▶ **Exercise objective**
An exact restatement of all the data is required, with the pictures left out.

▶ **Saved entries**
+++++

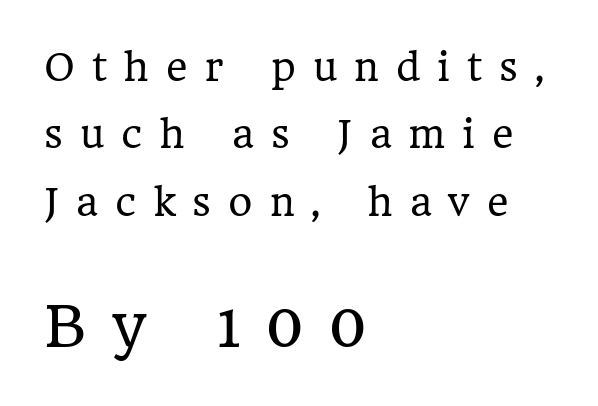
Are there feet on the stems? There are — it's a serif. Observe the wide spacing: letters keep a clear distance from each other. Unlike italic type, these characters show no tilt at all. The rendering uses natural spacing where letterforms have individual widths. Weight class: somewhere from thin through regular. Is the block centered? No — it sits flush against the left margin.
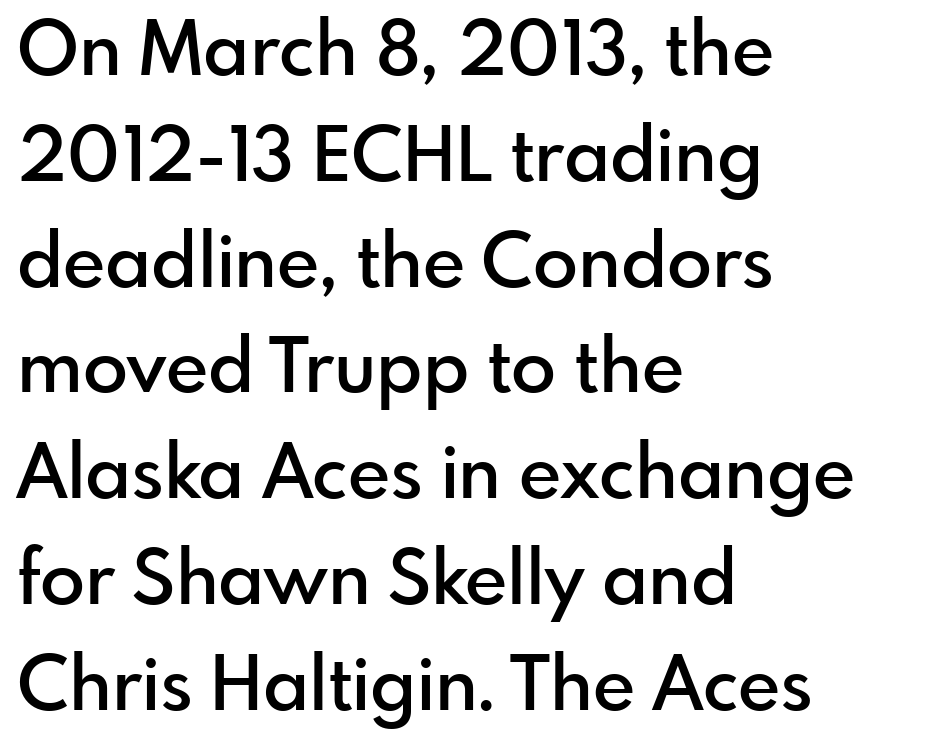
The image shows 74 px semibold sans-serif type, upright; set left-aligned, normal line spacing (1.43x), normal letter spacing, not underlined; low stroke contrast and a small x-height.
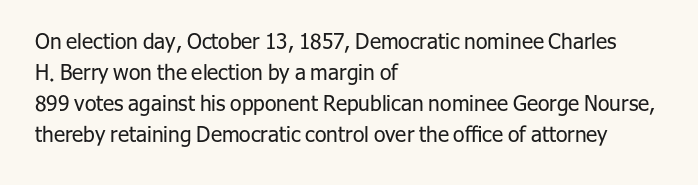
Q: Is the text bold? A: No.
Q: Is the text italic (slanted)? A: No, it is upright.
Q: Is the text underlined? A: No.
Q: How is the paragraph aligned? A: Left-aligned.
Q: Is the spacing between letters normal or unusually wide? A: Normal.
Q: Is the spacing between lines tight, normal or loose? A: Normal.
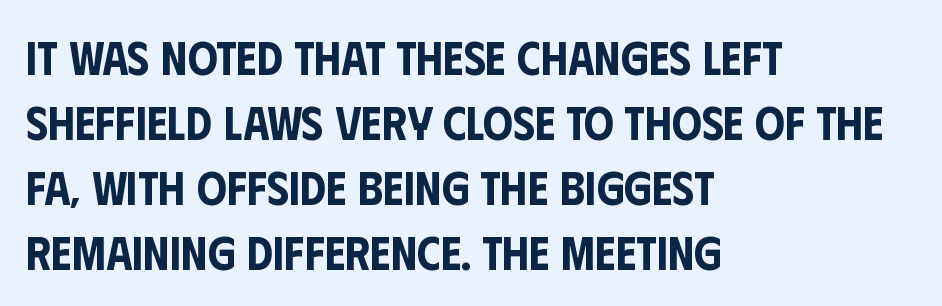
The image shows 47 px condensed sans-serif type, upright; set left-aligned, normal line spacing (1.38x), normal letter spacing, not underlined; low stroke contrast and a large x-height.
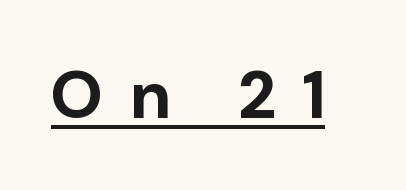
Q: Is the text bold? A: Yes.
Q: Is the text italic (slanted)? A: No, it is upright.
Q: Is the typeface a serif or a sans-serif typeface? A: Sans-serif.
Q: Is the text underlined? A: Yes.
Q: Is the spacing between letters normal or unusually wide? A: Unusually wide.
Q: Width (condensed, normal, or wide)? A: Normal.
Q: Stroke contrast? A: Low.
Q: x-height? A: Medium.
Q: Monospaced? A: No.
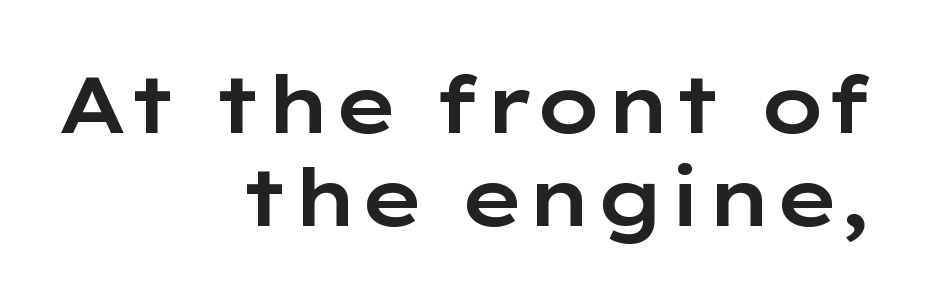
Underlining? Definitely not there. Note the varied advance widths — an 'i' is clearly narrower than an 'm'. The designer went with a sans here, leaving each stem footless. Spacing between characters is what you'd get straight out of the box. Reading down the block, your eye finds every line finishing at a fixed right position.
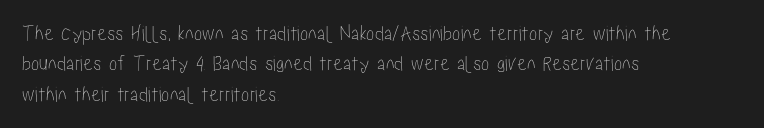
The image shows 22 px text type, upright; set left-aligned, normal line spacing (1.38x), normal letter spacing, not underlined.

+++++

▶ **Answer below**
Are there feet on the stems? There are — it's a serif. Observe the wide spacing: letters keep a clear distance from each other. Unlike italic type, these characters show no tilt at all. The rendering uses natural spacing where letterforms have individual widths. Weight class: somewhere from thin through regular. Is the block centered? No — it sits flush against the left margin.
The image shows 74 px semibold sans-serif type, upright; set left-aligned, normal line spacing (1.43x), normal letter spacing, not underlined; low stroke contrast and a small x-height.
Q: Is the text bold? A: No.
Q: Is the text italic (slanted)? A: No, it is upright.
Q: Is the text underlined? A: No.
Q: How is the paragraph aligned? A: Left-aligned.
Q: Is the spacing between letters normal or unusually wide? A: Normal.
Q: Is the spacing between lines tight, normal or loose? A: Normal.
The image shows 47 px condensed sans-serif type, upright; set left-aligned, normal line spacing (1.38x), normal letter spacing, not underlined; low stroke contrast and a large x-height.
Q: Is the text bold? A: Yes.
Q: Is the text italic (slanted)? A: No, it is upright.
Q: Is the typeface a serif or a sans-serif typeface? A: Sans-serif.
Q: Is the text underlined? A: Yes.
Q: Is the spacing between letters normal or unusually wide? A: Unusually wide.
Q: Width (condensed, normal, or wide)? A: Normal.
Q: Stroke contrast? A: Low.
Q: x-height? A: Medium.
Q: Monospaced? A: No.
Underlining? Definitely not there. Note the varied advance widths — an 'i' is clearly narrower than an 'm'. The designer went with a sans here, leaving each stem footless. Spacing between characters is what you'd get straight out of the box. Reading down the block, your eye finds every line finishing at a fixed right position.
The image shows 22 px text type, upright; set left-aligned, normal line spacing (1.38x), normal letter spacing, not underlined.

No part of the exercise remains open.